**Entries provided:**
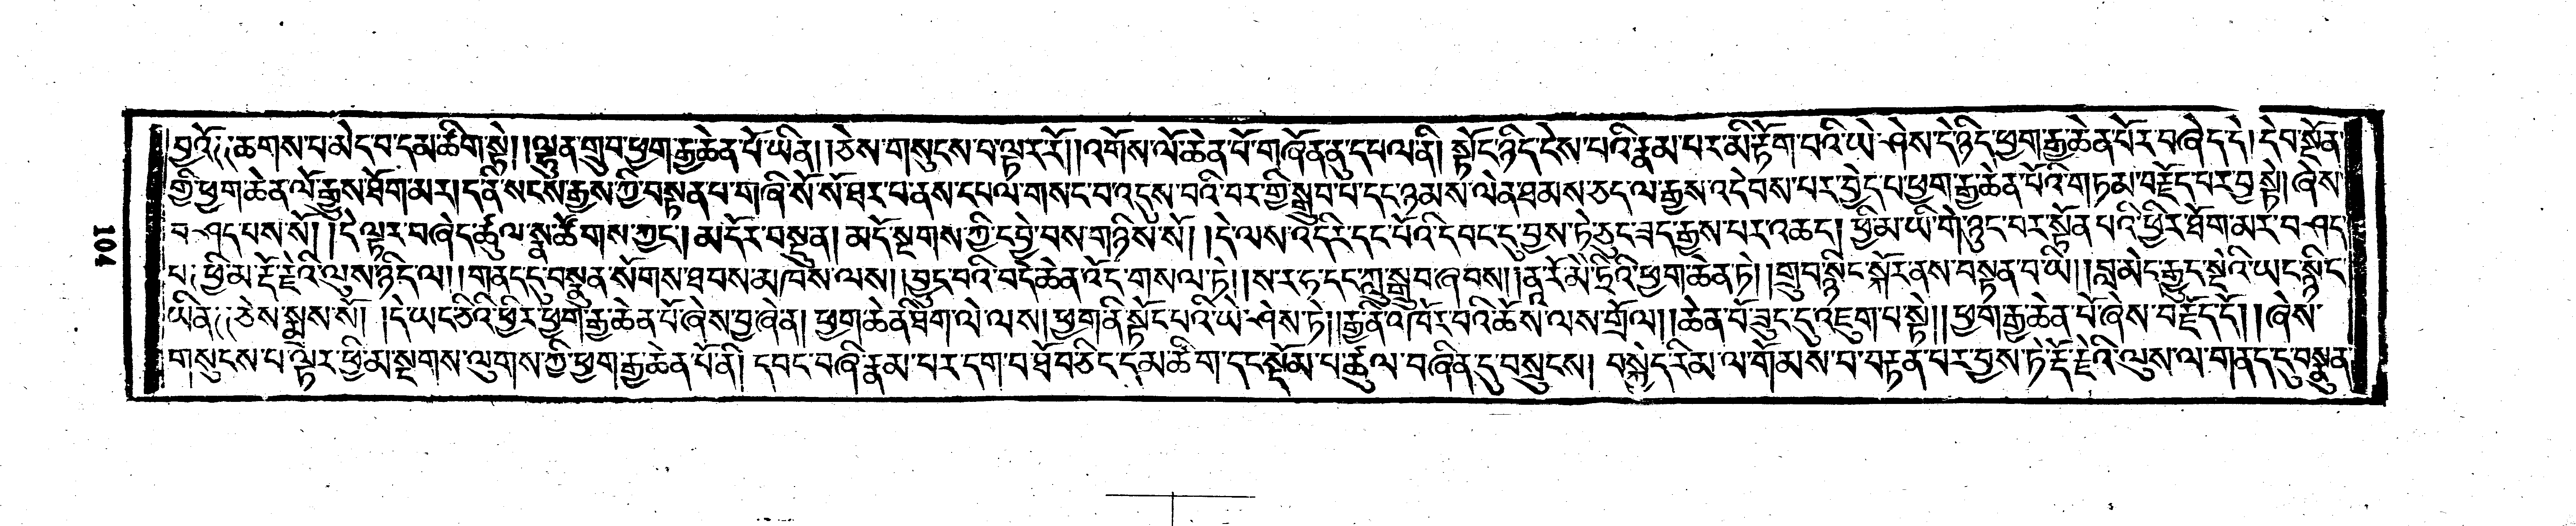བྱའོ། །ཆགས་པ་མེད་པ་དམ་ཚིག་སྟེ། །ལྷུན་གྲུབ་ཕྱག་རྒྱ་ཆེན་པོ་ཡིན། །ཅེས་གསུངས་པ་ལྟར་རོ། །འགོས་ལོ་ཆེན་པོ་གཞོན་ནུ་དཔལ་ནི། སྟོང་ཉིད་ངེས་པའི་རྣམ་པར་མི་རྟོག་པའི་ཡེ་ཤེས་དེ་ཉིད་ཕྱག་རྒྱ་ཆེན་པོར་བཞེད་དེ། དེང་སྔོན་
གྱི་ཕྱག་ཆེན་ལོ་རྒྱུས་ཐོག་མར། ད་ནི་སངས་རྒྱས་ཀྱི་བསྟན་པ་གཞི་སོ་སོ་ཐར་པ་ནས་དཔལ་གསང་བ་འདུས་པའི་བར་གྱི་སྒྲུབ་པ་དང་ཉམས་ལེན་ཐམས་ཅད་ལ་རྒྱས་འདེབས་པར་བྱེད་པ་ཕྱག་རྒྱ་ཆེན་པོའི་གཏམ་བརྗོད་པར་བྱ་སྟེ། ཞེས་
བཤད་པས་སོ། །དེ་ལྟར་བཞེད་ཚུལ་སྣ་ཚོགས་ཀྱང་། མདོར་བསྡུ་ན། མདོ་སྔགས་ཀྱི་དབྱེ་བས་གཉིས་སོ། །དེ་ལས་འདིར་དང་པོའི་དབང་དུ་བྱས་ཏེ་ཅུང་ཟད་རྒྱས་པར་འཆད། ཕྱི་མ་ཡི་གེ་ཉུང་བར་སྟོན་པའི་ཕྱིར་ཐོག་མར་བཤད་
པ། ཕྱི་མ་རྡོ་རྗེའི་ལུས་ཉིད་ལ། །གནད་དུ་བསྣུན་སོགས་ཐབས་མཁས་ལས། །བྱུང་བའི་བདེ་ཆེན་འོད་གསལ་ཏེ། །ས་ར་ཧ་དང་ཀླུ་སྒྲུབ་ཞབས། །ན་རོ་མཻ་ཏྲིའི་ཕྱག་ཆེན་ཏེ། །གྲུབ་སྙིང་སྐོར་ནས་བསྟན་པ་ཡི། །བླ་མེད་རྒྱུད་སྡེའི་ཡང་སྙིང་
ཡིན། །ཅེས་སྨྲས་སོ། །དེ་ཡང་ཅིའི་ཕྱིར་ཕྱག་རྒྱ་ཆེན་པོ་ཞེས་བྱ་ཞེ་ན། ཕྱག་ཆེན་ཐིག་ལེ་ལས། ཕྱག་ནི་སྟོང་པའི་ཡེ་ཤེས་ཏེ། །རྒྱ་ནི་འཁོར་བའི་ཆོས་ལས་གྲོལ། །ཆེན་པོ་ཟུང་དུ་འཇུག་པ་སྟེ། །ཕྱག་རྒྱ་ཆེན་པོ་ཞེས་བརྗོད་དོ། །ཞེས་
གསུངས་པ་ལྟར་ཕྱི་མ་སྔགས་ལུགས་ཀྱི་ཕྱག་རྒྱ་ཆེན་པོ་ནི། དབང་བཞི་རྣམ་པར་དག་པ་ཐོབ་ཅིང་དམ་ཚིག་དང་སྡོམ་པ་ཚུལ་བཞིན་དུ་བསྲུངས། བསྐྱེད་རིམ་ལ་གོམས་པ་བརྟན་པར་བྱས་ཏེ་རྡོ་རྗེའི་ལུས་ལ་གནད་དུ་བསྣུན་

**Problem statement:**
Everything in the records should be repeated exactly except the images.

**Result for this exercise:**
བྱའོ། །ཆགས་པ་མེད་པ་དམ་ཚིག་སྟེ། །ལྷུན་གྲུབ་ཕྱག་རྒྱ་ཆེན་པོ་ཡིན། །ཅེས་གསུངས་པ་ལྟར་རོ། །འགོས་ལོ་ཆེན་པོ་གཞོན་ནུ་དཔལ་ནི། སྟོང་ཉིད་ངེས་པའི་རྣམ་པར་མི་རྟོག་པའི་ཡེ་ཤེས་དེ་ཉིད་ཕྱག་རྒྱ་ཆེན་པོར་བཞེད་དེ། དེང་སྔོན་
གྱི་ཕྱག་ཆེན་ལོ་རྒྱུས་ཐོག་མར། ད་ནི་སངས་རྒྱས་ཀྱི་བསྟན་པ་གཞི་སོ་སོ་ཐར་པ་ནས་དཔལ་གསང་བ་འདུས་པའི་བར་གྱི་སྒྲུབ་པ་དང་ཉམས་ལེན་ཐམས་ཅད་ལ་རྒྱས་འདེབས་པར་བྱེད་པ་ཕྱག་རྒྱ་ཆེན་པོའི་གཏམ་བརྗོད་པར་བྱ་སྟེ། ཞེས་
བཤད་པས་སོ། །དེ་ལྟར་བཞེད་ཚུལ་སྣ་ཚོགས་ཀྱང་། མདོར་བསྡུ་ན། མདོ་སྔགས་ཀྱི་དབྱེ་བས་གཉིས་སོ། །དེ་ལས་འདིར་དང་པོའི་དབང་དུ་བྱས་ཏེ་ཅུང་ཟད་རྒྱས་པར་འཆད། ཕྱི་མ་ཡི་གེ་ཉུང་བར་སྟོན་པའི་ཕྱིར་ཐོག་མར་བཤད་
པ། ཕྱི་མ་རྡོ་རྗེའི་ལུས་ཉིད་ལ། །གནད་དུ་བསྣུན་སོགས་ཐབས་མཁས་ལས། །བྱུང་བའི་བདེ་ཆེན་འོད་གསལ་ཏེ། །ས་ར་ཧ་དང་ཀླུ་སྒྲུབ་ཞབས། །ན་རོ་མཻ་ཏྲིའི་ཕྱག་ཆེན་ཏེ། །གྲུབ་སྙིང་སྐོར་ནས་བསྟན་པ་ཡི། །བླ་མེད་རྒྱུད་སྡེའི་ཡང་སྙིང་
ཡིན། །ཅེས་སྨྲས་སོ། །དེ་ཡང་ཅིའི་ཕྱིར་ཕྱག་རྒྱ་ཆེན་པོ་ཞེས་བྱ་ཞེ་ན། ཕྱག་ཆེན་ཐིག་ལེ་ལས། ཕྱག་ནི་སྟོང་པའི་ཡེ་ཤེས་ཏེ། །རྒྱ་ནི་འཁོར་བའི་ཆོས་ལས་གྲོལ། །ཆེན་པོ་ཟུང་དུ་འཇུག་པ་སྟེ། །ཕྱག་རྒྱ་ཆེན་པོ་ཞེས་བརྗོད་དོ། །ཞེས་
གསུངས་པ་ལྟར་ཕྱི་མ་སྔགས་ལུགས་ཀྱི་ཕྱག་རྒྱ་ཆེན་པོ་ནི། དབང་བཞི་རྣམ་པར་དག་པ་ཐོབ་ཅིང་དམ་ཚིག་དང་སྡོམ་པ་ཚུལ་བཞིན་དུ་བསྲུངས། བསྐྱེད་རིམ་ལ་གོམས་པ་བརྟན་པར་བྱས་ཏེ་རྡོ་རྗེའི་ལུས་ལ་གནད་དུ་བསྣུན་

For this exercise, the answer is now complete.